• **How to complete this task**
Look for "drawn" in each line of the entries, and return the matching lines.
Supplied records START
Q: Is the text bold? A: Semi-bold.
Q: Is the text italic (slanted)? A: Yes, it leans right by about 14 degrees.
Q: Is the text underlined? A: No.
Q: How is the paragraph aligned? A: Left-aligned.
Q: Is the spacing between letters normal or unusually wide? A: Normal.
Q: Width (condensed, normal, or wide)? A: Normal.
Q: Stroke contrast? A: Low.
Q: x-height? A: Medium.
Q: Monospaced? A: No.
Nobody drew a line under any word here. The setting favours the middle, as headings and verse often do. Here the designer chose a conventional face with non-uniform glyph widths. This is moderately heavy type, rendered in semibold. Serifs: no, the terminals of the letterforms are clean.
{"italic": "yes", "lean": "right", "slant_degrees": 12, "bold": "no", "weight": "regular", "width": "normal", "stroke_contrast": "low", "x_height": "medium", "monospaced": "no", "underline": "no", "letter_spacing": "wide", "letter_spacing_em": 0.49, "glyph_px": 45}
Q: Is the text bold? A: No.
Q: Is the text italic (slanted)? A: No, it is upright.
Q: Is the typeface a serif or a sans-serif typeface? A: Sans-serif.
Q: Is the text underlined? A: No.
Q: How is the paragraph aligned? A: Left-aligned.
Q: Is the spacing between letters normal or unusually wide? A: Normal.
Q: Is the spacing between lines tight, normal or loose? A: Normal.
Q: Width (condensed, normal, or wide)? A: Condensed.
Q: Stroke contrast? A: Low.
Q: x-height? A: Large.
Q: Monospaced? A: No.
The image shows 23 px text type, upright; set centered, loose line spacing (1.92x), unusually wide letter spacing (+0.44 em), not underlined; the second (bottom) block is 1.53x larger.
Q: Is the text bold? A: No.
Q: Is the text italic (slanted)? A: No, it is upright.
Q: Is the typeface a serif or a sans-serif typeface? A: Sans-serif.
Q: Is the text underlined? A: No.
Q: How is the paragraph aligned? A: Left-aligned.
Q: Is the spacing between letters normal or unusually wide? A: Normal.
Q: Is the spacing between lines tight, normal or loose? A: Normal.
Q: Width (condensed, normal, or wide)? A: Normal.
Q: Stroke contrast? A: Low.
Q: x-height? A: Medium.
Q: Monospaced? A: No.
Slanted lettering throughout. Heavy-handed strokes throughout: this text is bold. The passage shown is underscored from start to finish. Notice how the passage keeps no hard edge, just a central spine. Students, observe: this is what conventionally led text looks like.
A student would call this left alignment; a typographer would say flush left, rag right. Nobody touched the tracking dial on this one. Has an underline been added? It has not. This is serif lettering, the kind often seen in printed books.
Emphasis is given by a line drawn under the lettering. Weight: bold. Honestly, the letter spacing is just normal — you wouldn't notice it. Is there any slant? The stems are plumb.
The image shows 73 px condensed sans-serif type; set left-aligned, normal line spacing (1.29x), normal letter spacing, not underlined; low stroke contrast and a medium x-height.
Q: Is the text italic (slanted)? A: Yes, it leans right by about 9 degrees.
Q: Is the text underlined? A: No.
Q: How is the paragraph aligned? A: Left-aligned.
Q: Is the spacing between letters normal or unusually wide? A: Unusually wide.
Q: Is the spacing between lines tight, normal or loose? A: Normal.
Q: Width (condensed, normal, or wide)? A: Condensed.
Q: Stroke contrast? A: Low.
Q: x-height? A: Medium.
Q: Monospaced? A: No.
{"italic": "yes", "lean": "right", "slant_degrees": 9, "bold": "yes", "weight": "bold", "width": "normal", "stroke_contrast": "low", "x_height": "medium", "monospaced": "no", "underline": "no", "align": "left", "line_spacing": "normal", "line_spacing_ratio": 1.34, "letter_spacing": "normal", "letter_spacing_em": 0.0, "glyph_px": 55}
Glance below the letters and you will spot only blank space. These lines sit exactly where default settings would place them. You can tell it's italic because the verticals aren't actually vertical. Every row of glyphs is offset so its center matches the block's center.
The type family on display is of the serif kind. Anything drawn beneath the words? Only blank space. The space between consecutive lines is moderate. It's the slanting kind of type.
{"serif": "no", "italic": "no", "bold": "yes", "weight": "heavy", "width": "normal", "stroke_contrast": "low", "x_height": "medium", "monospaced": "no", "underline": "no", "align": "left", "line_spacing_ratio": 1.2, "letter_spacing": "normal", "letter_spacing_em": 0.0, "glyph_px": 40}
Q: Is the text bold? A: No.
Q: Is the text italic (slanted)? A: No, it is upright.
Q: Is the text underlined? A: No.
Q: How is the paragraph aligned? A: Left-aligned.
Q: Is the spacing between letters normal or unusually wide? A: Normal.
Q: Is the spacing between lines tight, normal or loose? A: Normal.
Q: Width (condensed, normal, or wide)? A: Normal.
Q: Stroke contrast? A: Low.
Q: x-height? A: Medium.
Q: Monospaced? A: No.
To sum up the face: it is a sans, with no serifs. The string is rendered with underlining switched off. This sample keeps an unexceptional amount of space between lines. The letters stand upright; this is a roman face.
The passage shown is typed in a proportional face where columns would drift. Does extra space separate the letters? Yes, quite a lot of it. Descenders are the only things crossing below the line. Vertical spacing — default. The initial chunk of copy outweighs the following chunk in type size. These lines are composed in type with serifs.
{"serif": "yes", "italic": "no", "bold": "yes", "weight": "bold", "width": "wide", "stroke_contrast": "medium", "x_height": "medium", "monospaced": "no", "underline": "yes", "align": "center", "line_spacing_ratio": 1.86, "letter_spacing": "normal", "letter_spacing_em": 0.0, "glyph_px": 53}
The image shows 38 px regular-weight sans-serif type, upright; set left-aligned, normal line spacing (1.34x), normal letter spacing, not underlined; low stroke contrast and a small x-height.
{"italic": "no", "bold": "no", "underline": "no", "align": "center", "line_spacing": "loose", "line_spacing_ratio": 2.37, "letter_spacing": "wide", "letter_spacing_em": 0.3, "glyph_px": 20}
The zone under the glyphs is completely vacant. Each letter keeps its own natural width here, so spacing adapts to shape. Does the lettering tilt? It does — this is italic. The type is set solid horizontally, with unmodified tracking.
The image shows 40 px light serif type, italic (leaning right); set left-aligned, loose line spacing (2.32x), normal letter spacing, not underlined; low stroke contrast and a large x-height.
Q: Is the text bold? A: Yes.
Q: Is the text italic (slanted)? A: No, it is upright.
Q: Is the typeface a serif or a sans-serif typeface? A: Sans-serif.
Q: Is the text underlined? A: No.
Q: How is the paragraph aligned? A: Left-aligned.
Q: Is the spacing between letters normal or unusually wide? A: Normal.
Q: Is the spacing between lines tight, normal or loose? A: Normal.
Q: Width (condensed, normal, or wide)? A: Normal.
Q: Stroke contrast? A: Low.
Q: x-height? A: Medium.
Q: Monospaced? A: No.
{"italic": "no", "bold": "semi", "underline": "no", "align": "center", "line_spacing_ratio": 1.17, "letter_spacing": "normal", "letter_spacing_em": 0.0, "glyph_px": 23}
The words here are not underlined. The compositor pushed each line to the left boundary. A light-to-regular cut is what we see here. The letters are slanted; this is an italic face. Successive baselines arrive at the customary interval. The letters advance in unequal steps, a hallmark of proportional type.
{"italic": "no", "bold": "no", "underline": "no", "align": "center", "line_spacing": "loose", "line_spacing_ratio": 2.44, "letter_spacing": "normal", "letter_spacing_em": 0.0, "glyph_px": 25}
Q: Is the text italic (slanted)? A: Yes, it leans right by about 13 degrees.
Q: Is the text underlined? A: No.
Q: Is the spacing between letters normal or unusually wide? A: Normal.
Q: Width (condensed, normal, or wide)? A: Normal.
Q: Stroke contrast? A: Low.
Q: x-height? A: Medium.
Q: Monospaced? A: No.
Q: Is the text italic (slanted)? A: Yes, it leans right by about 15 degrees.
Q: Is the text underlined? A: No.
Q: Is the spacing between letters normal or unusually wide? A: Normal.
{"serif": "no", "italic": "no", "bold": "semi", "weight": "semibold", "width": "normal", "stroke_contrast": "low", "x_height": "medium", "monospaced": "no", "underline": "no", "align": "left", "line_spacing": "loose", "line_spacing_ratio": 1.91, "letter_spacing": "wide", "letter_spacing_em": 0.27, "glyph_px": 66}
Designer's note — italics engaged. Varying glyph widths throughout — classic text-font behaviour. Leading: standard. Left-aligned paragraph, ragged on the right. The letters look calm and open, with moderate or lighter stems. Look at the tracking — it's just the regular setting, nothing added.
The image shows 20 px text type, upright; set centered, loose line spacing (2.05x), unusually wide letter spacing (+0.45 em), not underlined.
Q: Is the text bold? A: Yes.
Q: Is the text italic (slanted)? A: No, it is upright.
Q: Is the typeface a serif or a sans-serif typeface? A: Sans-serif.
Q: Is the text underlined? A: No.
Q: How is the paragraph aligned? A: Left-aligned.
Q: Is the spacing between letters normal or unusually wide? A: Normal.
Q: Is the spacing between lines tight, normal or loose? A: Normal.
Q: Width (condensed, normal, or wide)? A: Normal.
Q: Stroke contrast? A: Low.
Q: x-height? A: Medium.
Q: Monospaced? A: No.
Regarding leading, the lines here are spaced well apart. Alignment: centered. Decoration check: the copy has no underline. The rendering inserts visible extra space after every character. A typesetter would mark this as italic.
Supplied records END
• **Completed exercise**
Emphasis is given by a line drawn under the lettering. Weight: bold. Honestly, the letter spacing is just normal — you wouldn't notice it. Is there any slant? The stems are plumb.
The type family on display is of the serif kind. Anything drawn beneath the words? Only blank space. The space between consecutive lines is moderate. It's the slanting kind of type.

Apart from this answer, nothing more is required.